How many lines in the records below contain the word "sind"? Answer with the number and nothing else.

Segment Start: DATA EXTRACT

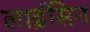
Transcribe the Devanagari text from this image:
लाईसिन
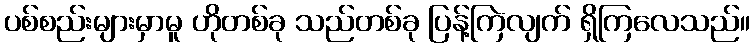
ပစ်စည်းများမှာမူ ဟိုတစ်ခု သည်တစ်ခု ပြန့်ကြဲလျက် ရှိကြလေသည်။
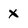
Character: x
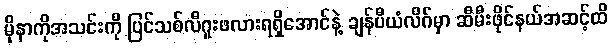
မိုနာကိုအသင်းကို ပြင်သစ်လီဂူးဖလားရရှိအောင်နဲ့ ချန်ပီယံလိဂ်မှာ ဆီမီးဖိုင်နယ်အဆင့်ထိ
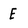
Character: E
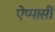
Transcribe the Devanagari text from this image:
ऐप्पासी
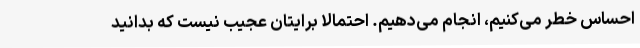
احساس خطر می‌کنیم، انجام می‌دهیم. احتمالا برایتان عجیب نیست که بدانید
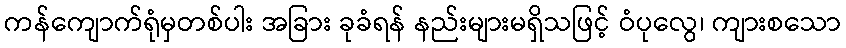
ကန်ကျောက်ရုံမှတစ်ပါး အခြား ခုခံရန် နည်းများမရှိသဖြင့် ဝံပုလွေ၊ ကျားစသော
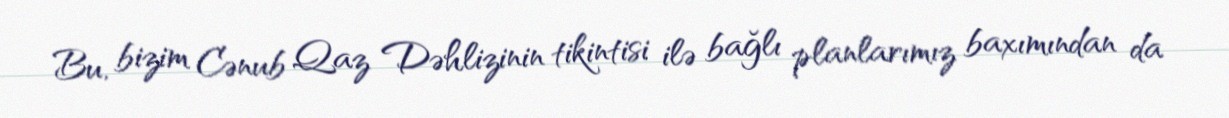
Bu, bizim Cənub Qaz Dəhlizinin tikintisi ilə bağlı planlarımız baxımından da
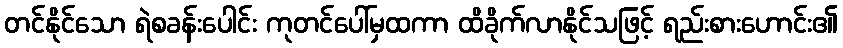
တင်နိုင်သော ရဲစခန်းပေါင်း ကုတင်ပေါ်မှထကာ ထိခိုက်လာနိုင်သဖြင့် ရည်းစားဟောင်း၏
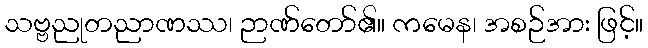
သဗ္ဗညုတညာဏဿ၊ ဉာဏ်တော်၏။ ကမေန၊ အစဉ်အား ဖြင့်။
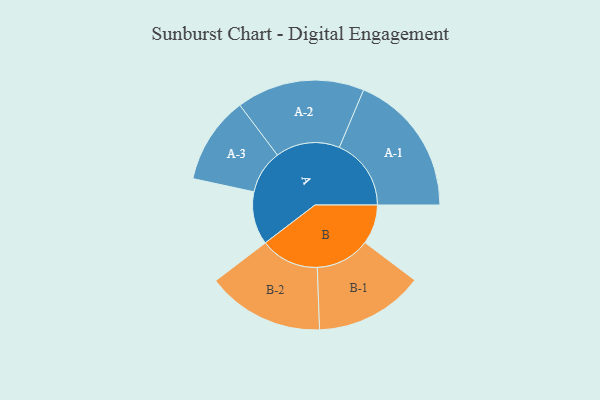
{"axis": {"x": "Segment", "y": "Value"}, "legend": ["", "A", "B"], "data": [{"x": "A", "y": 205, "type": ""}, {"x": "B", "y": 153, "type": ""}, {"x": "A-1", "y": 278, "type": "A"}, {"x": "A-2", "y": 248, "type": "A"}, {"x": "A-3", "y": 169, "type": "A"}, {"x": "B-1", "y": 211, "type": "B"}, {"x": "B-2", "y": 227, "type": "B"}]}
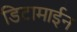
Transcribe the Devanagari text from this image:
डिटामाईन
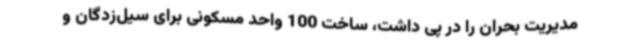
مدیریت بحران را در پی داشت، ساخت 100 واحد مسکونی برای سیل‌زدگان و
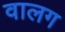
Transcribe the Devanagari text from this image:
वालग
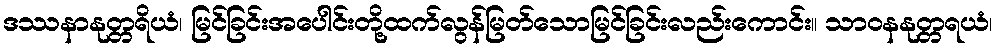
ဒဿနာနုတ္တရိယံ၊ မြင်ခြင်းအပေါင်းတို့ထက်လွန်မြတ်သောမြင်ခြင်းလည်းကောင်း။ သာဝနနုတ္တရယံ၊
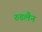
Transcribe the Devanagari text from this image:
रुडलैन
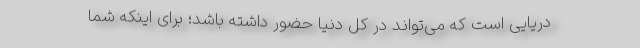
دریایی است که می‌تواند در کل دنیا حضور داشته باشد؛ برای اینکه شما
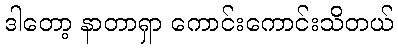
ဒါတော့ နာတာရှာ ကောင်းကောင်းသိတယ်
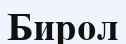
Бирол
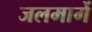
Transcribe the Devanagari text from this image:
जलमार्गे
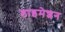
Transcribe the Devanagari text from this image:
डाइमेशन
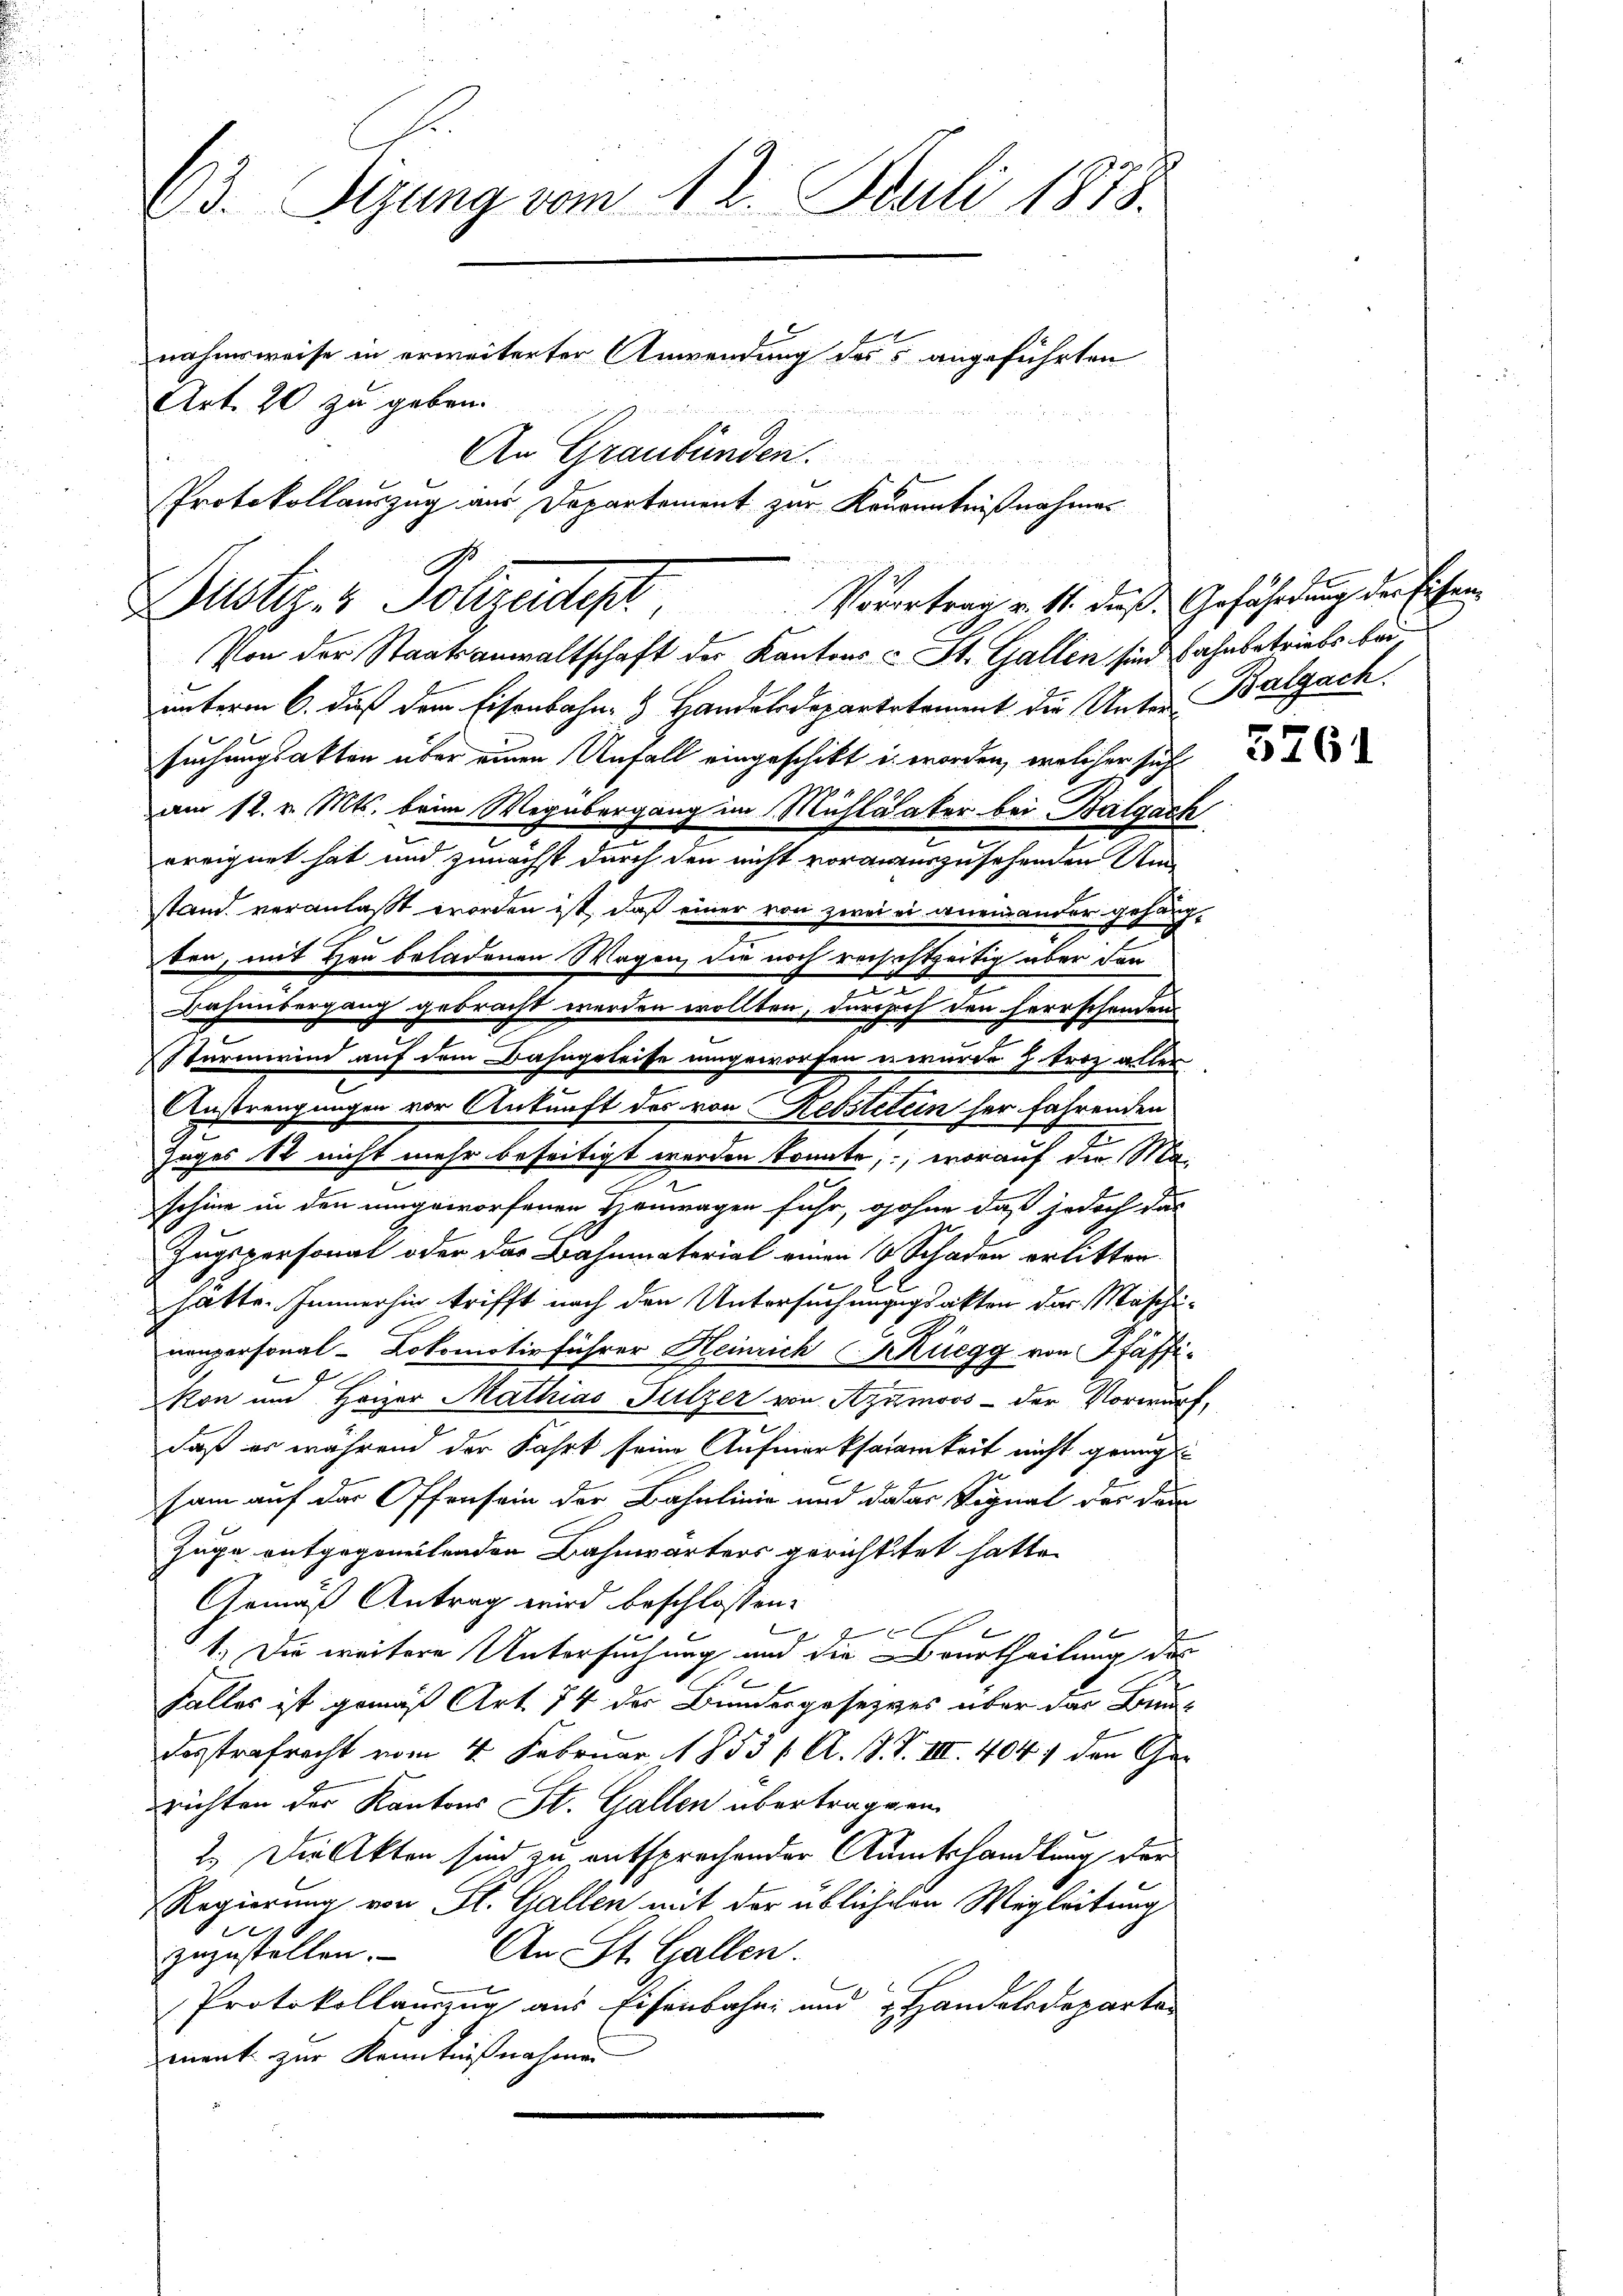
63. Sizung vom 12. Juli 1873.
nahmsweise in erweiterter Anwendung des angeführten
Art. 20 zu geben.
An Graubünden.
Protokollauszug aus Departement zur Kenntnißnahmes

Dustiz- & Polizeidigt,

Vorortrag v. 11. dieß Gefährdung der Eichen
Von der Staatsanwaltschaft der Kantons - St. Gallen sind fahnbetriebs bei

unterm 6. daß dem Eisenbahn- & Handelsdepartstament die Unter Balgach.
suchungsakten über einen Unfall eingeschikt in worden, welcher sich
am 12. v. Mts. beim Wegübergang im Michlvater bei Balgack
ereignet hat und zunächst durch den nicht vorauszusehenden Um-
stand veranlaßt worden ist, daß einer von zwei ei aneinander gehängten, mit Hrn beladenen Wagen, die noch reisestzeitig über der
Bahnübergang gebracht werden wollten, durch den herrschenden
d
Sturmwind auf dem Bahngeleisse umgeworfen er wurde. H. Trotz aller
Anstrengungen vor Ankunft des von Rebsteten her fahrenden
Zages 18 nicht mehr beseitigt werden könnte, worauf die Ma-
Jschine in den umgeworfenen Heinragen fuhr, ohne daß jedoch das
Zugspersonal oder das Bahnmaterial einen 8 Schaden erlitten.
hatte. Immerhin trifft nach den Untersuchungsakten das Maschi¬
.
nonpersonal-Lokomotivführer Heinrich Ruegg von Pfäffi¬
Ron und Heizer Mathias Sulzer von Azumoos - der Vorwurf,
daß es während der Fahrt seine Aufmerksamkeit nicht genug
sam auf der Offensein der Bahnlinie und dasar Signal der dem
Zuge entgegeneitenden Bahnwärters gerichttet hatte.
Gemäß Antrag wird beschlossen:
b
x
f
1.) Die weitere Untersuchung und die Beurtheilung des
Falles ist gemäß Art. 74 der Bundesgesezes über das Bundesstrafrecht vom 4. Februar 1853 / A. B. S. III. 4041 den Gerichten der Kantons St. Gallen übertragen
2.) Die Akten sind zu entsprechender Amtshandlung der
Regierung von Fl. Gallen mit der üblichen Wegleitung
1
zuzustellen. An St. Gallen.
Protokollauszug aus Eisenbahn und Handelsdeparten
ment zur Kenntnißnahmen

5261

Segment End: DATA EXTRACT

* [ANSWER BELOW]: 2